今天在v2ex看到一个问题,NIO 如下代码怎么绕过死锁?还是说我写的不对?如下代码,里面贴了代码。
简单说明:创建了两个selector A和B,线程1使用A来accept连接,并且register到B上。同时,线程2使用B来select,处理读写事件。
问题:select和register都要获取Selector publicKeys 的锁->虽然创建了线程1和2,但是还是要等待对方释放锁,所以这两个线程就没啥用,在以往的NIO实践中我也遇到过。解决这个问题很简单,生产者消费者模式就可以,线程1生产register请求,线程2消费register事件,真正执行在B上的register。反正一句话,同一个selector的register和select需要串行,并行不了(因为需要获取同一个锁)。
上面只是引子,我想看看netty是如何处理这个细节的。关于netty的架构和设计,什么EventLoopGroup、EventLoop、Pipepline、ChannelHandler网上说的很多了。今天要做的是看netty如何封装java NIO的accept、register,如何进行select,下面开始。
NioEventLoop.java
EventLoop在netty的线程模型中就是一个线程,事件循环的意思。首先来看看他在循环做什么。
- 第一件事,会进行select,获取selectedKeys,处理这些keys(这里的select都是有超时设置的,不会永久等待)
- 第二件事,处理提交的异步任务,见hasTasks 、runAllTasks
可能要问了,哪来的tasks,等会会讲,放下这部分代码。
@Override
protected void run() {
int selectCnt = 0;
for (;;) {
try {
int strategy;
try {
strategy = selectStrategy.calculateStrategy(selectNowSupplier, hasTasks());
switch (strategy) {
case SelectStrategy.CONTINUE:
continue;
case SelectStrategy.BUSY_WAIT:
// fall-through to SELECT since the busy-wait is not supported with NIO
case SelectStrategy.SELECT:
long curDeadlineNanos = nextScheduledTaskDeadlineNanos();
if (curDeadlineNanos == -1L) {
curDeadlineNanos = NONE; // nothing on the calendar
}
nextWakeupNanos.set(curDeadlineNanos);
try {
if (!hasTasks()) {
strategy = select(curDeadlineNanos);
}
} finally {
// This update is just to help block unnecessary selector wakeups
// so use of lazySet is ok (no race condition)

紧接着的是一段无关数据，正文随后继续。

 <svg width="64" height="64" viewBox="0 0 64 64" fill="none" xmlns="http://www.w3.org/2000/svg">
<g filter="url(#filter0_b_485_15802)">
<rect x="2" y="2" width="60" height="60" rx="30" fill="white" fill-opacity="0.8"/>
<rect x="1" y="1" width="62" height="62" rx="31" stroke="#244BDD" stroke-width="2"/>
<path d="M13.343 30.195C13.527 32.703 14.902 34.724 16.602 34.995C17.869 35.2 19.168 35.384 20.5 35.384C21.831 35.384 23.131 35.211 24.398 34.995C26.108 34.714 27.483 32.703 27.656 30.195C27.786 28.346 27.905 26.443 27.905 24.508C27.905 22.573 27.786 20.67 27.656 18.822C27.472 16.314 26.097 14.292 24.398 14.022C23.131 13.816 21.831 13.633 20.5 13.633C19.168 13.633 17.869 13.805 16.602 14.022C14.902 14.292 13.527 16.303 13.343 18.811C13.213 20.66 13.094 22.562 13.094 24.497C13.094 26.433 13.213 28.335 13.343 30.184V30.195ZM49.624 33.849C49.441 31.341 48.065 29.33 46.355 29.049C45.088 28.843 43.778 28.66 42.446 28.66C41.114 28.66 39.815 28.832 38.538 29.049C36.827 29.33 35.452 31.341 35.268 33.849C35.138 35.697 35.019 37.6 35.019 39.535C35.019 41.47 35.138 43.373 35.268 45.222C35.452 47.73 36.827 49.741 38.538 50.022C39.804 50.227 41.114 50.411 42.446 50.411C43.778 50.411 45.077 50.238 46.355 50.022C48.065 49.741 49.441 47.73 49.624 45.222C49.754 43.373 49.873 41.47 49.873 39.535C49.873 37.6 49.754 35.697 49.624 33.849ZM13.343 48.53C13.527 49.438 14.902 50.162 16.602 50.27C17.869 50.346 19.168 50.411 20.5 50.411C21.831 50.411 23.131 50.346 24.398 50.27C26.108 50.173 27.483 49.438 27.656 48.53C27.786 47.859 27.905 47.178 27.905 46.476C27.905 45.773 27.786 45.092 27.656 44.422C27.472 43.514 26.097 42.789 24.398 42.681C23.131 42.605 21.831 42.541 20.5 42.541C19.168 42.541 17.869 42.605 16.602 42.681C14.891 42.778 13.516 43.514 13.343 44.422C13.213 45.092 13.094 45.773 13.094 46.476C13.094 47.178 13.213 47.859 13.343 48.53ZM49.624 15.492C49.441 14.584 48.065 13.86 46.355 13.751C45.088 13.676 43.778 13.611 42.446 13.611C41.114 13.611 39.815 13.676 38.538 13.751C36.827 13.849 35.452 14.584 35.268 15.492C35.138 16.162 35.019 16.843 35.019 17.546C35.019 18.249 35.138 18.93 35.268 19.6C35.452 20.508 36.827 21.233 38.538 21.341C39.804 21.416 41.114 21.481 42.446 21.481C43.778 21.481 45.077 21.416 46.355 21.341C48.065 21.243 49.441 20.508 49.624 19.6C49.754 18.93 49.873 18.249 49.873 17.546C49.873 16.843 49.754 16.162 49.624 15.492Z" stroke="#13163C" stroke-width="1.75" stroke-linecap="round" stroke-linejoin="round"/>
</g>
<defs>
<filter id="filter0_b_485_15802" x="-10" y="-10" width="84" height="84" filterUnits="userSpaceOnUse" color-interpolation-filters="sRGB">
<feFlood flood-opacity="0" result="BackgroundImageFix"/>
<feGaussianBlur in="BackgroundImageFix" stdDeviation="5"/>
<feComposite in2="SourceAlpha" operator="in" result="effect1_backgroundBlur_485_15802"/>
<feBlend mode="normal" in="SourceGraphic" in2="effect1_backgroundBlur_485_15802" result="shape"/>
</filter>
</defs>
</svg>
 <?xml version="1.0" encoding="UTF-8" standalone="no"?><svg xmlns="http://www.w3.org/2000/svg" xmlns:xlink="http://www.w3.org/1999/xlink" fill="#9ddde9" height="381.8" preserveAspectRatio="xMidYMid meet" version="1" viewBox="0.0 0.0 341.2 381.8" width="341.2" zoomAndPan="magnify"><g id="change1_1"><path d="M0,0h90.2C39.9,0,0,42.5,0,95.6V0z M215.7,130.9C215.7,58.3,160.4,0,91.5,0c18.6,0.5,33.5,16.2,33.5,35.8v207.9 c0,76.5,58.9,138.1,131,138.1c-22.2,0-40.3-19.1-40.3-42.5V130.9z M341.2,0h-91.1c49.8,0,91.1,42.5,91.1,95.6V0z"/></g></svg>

nextWakeupNanos.lazySet(AWAKE);
}
// fall through
default:
}
} catch (IOException e) {
// If we receive an IOException here its because the Selector is messed up. Let's rebuild
// the selector and retry. https://github.com/netty/netty/issues/8566
rebuildSelector0();
selectCnt = 0;
handleLoopException(e);
continue;
}
selectCnt++;
cancelledKeys = 0;
needsToSelectAgain = false;
final int ioRatio = this.ioRatio;
boolean ranTasks;
if (ioRatio == 100) {
try {
if (strategy > 0) {
processSelectedKeys();
}
} finally {
// Ensure we always run tasks.
ranTasks = runAllTasks();
}
} else if (strategy > 0) {
final long ioStartTime = System.nanoTime();
try {
processSelectedKeys();
} finally {
// Ensure we always run tasks.
final long ioTime = System.nanoTime() - ioStartTime;
ranTasks = runAllTasks(ioTime * (100 - ioRatio) / ioRatio);
}
} else {
ranTasks = runAllTasks(0); // This will run the minimum number of tasks
}
if (ranTasks || strategy > 0) {
if (selectCnt > MIN_PREMATURE_SELECTOR_RETURNS && logger.isDebugEnabled()) {
logger.debug("Selector.select() returned prematurely {} times in a row for Selector {}.",
selectCnt - 1, selector);
}
selectCnt = 0;
} else if (unexpectedSelectorWakeup(selectCnt)) { // Unexpected wakeup (unusual case)
selectCnt = 0;
}
} catch (CancelledKeyException e) {
// Harmless exception - log anyway
if (logger.isDebugEnabled()) {
logger.debug(CancelledKeyException.class.getSimpleName() + " raised by a Selector {} - JDK bug?",
selector, e);
}
} catch (Throwable t) {
handleLoopException(t);
}
// Always handle shutdown even if the loop processing threw an exception.
try {
if (isShuttingDown()) {
closeAll();
if (confirmShutdown()) {
return;
}
}
} catch (Throwable t) {
handleLoopException(t);
}
}
}
再看下如何处理selectedKeys的:
private void processSelectedKey(SelectionKey k, AbstractNioChannel ch) {
final AbstractNioChannel.NioUnsafe unsafe = ch.unsafe();
if (!k.isValid()) {
final EventLoop eventLoop;
try {
eventLoop = ch.eventLoop();
} catch (Throwable ignored) {
// If the channel implementation throws an exception because there is no event loop, we ignore this
// because we are only trying to determine if ch is registered to this event loop and thus has authority
// to close ch.
return;
}
// Only close ch if ch is still registered to this EventLoop. ch could have deregistered from the event loop
// and thus the SelectionKey could be cancelled as part of the deregistration process, but the channel is
// still healthy and should not be closed.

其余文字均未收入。